Kagera nabs plus de 250 immigrants illégaux en trois jours – Tanzanie

Kagera: Le service d'immigration de la région de Kagera a intensifié la surveillance des frontières, entraînant l'appréhension de plus de 200 immigrants illégaux pour entrer et résider dans le pays sans permis de résidence valide.

Petro Malima, responsable de l'immigration régionale, commissaire adjoint de l'immigration (ACI), a déclaré que les arrestations avaient été effectuées lors d'une opération spéciale menée entre le 20 et le 22 août de cette année.

Dans le seul district de Muleba seulement, 158 immigrants illégaux ont été appréhendés 154 BURUNDIENS ET FOURS QUATRE OUGANDAIS. 30 autres burundiens ont été arrêtés dans le district de Kyerwa, tandis que le district de Biharamulo a vu 63 ressortissants burundiens détenus.
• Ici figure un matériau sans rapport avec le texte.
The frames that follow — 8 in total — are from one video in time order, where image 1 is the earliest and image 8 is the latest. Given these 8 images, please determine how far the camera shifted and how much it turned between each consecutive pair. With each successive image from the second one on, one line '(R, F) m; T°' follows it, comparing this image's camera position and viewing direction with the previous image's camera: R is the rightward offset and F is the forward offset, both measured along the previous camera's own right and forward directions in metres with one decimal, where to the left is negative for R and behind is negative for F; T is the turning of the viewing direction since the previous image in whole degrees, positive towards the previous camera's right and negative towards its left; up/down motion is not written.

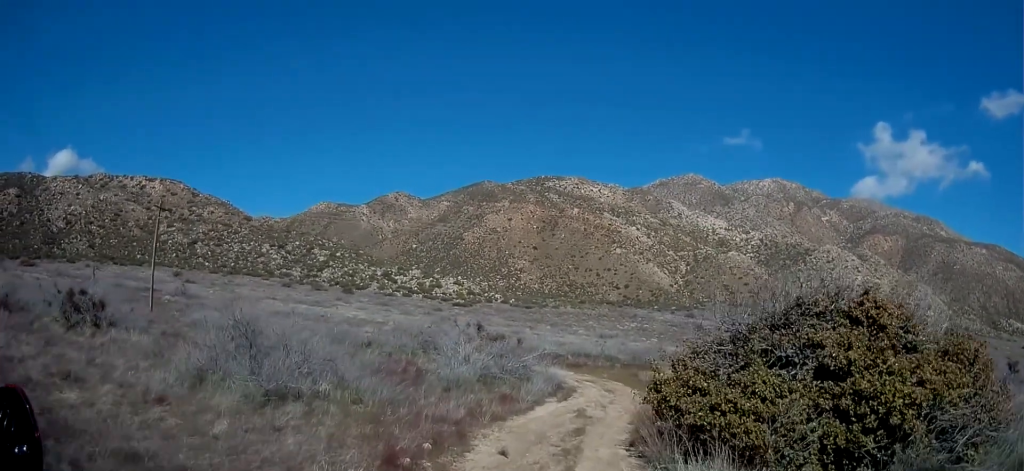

M. Malima a en outre révélé que, au total, 2 252 immigrants illégaux avaient été rassemblés à Kagera le mois dernier. Parmi ceux-ci, 2 098 ont été expulsés vers leur pays d'origine et 77 ont été poursuivis devant le tribunal.

La rupture des nationalités comprenait 1 956 Burundiens, 105 Ougandais, 101 Rwandans, 16 Congolais (RDC), deux Kenyans, deux Soudanais et autres du Pakistan et de l'Inde. Plusieurs citoyens tanzaniens ont également été arrêtés pour avoir aidé les immigrants illégaux.

M. Malima a émis un avertissement sévère à ceux qui aident ou hébergent des étrangers sans papiers, déclarant que des poursuites judiciaires, y compris des poursuites, seraient prises contre eux.

«J'exhorte tous les Tanzaniens et résidents à s'abstenir d'aider les immigrants illégaux. Quiconque a trouvé des collusions avec eux fera face à des conséquences juridiques. Nous devons travailler ensemble pour respecter les lois sur l'immigration», a-t-il déclaré.

Il a encouragé les résidents à signaler les étrangers sans papiers aux autorités, notant que les régions frontalières offrent des possibilités de commerce transfrontalier juridique et l'amélioration des moyens de subsistance, à condition que les individus respectent la loi.